=== Task requirements ===
An exact copy of the entries is needed, with every picture left out.

Dataset extract Block Start

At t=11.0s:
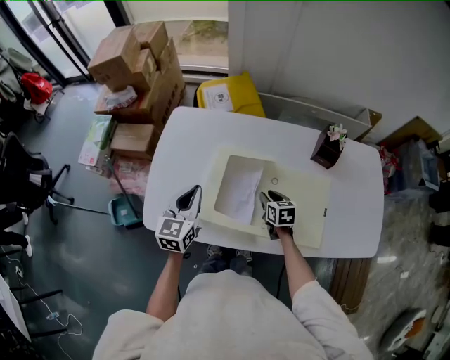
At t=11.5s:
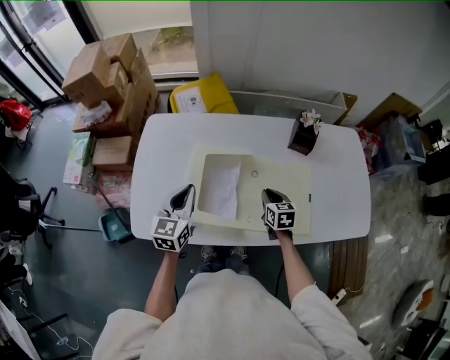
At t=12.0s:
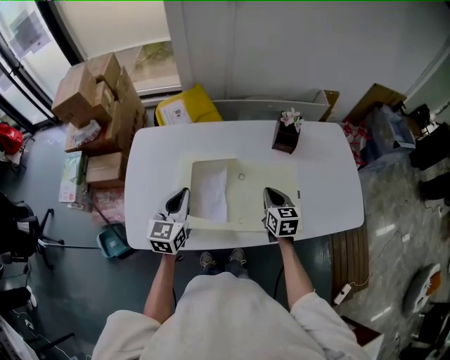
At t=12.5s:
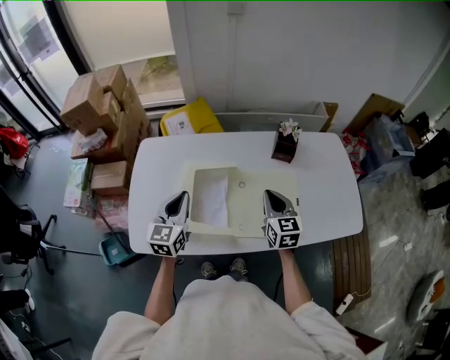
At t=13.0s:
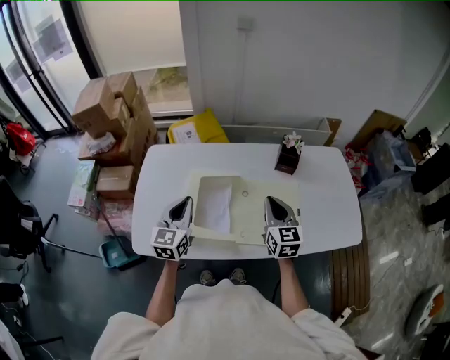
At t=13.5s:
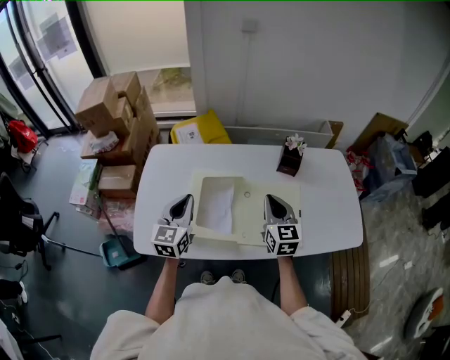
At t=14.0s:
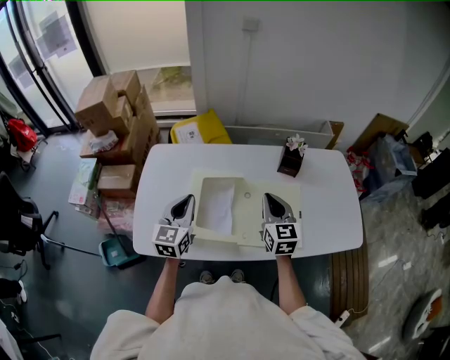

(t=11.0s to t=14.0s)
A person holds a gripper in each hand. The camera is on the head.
t=11.0s - t=12.5s: The right gripper goes about 20 cm upward and to the right, turns by some 30 degrees, and closes. Meanwhile the left gripper travels to the right by about 5 cm.
t=12.5s - t=14.0s: The right gripper ends up some 5 cm from where it was.

Dataset extract Block End

=== Task answer ===
At t=11.0s:
At t=11.5s:
At t=12.0s:
At t=12.5s:
At t=13.0s:
At t=13.5s:
At t=14.0s:

(t=11.0s to t=14.0s)
A person holds a gripper in each hand. The camera is on the head.
t=11.0s - t=12.5s: The right gripper goes about 20 cm upward and to the right, turns by some 30 degrees, and closes. Meanwhile the left gripper travels to the right by about 5 cm.
t=12.5s - t=14.0s: The right gripper ends up some 5 cm from where it was.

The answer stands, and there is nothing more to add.